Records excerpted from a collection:
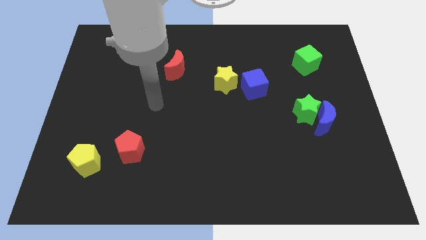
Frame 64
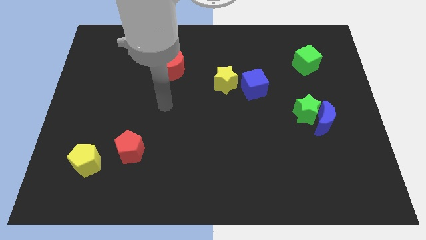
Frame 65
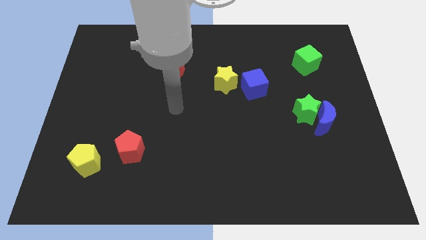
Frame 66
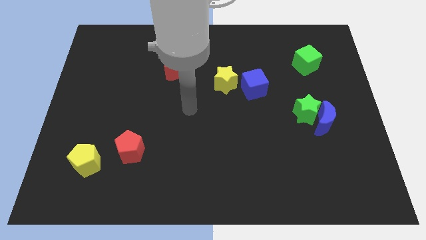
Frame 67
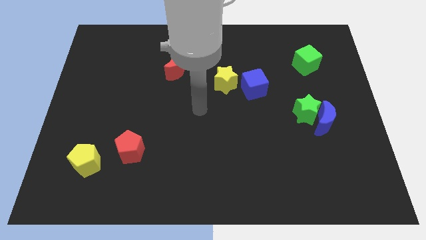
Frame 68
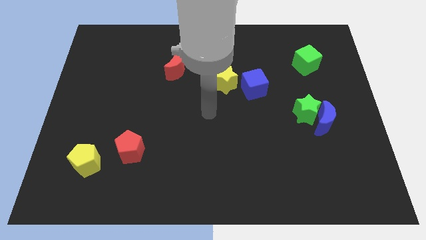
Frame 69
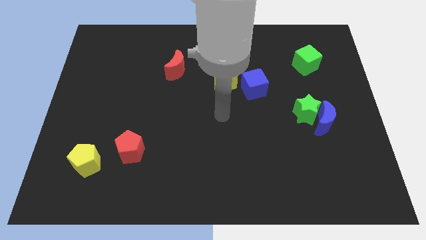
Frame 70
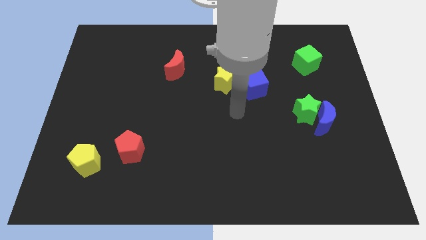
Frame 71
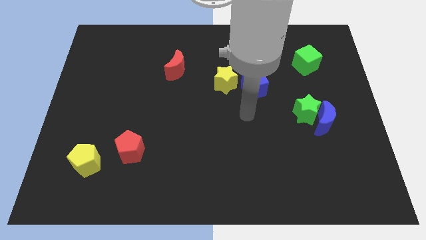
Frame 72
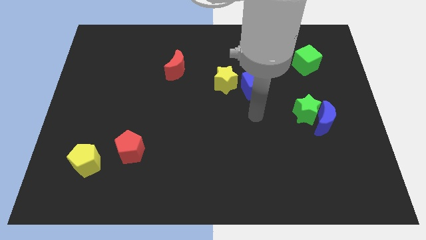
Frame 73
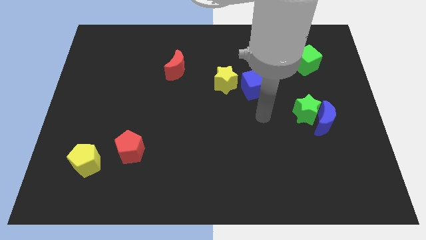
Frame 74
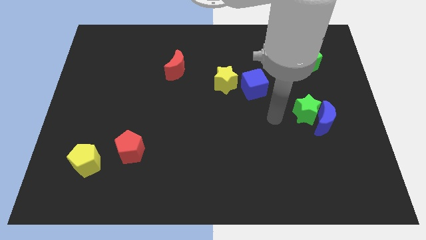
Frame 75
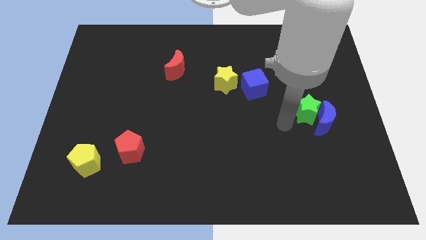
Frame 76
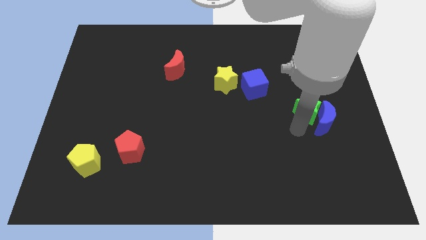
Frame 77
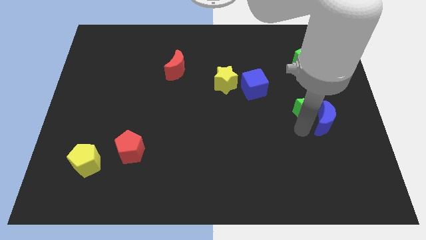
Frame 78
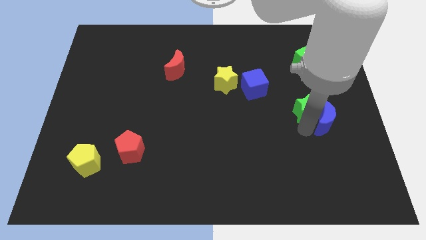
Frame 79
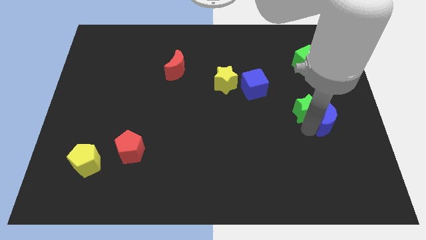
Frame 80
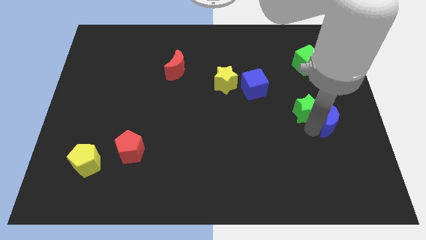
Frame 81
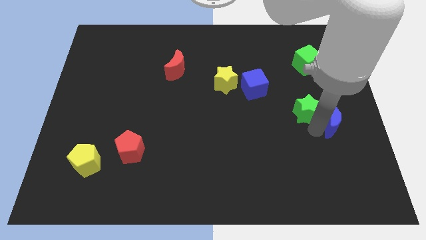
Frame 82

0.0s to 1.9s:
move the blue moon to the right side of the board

YOUR OBJECTIVE: Leaving every image behind, repeat the data in full and exactly.

THE COMPLETED TASK:
Frame 64
Frame 65
Frame 66
Frame 67
Frame 68
Frame 69
Frame 70
Frame 71
Frame 72
Frame 73
Frame 74
Frame 75
Frame 76
Frame 77
Frame 78
Frame 79
Frame 80
Frame 81
Frame 82

0.0s to 1.9s:
move the blue moon to the right side of the board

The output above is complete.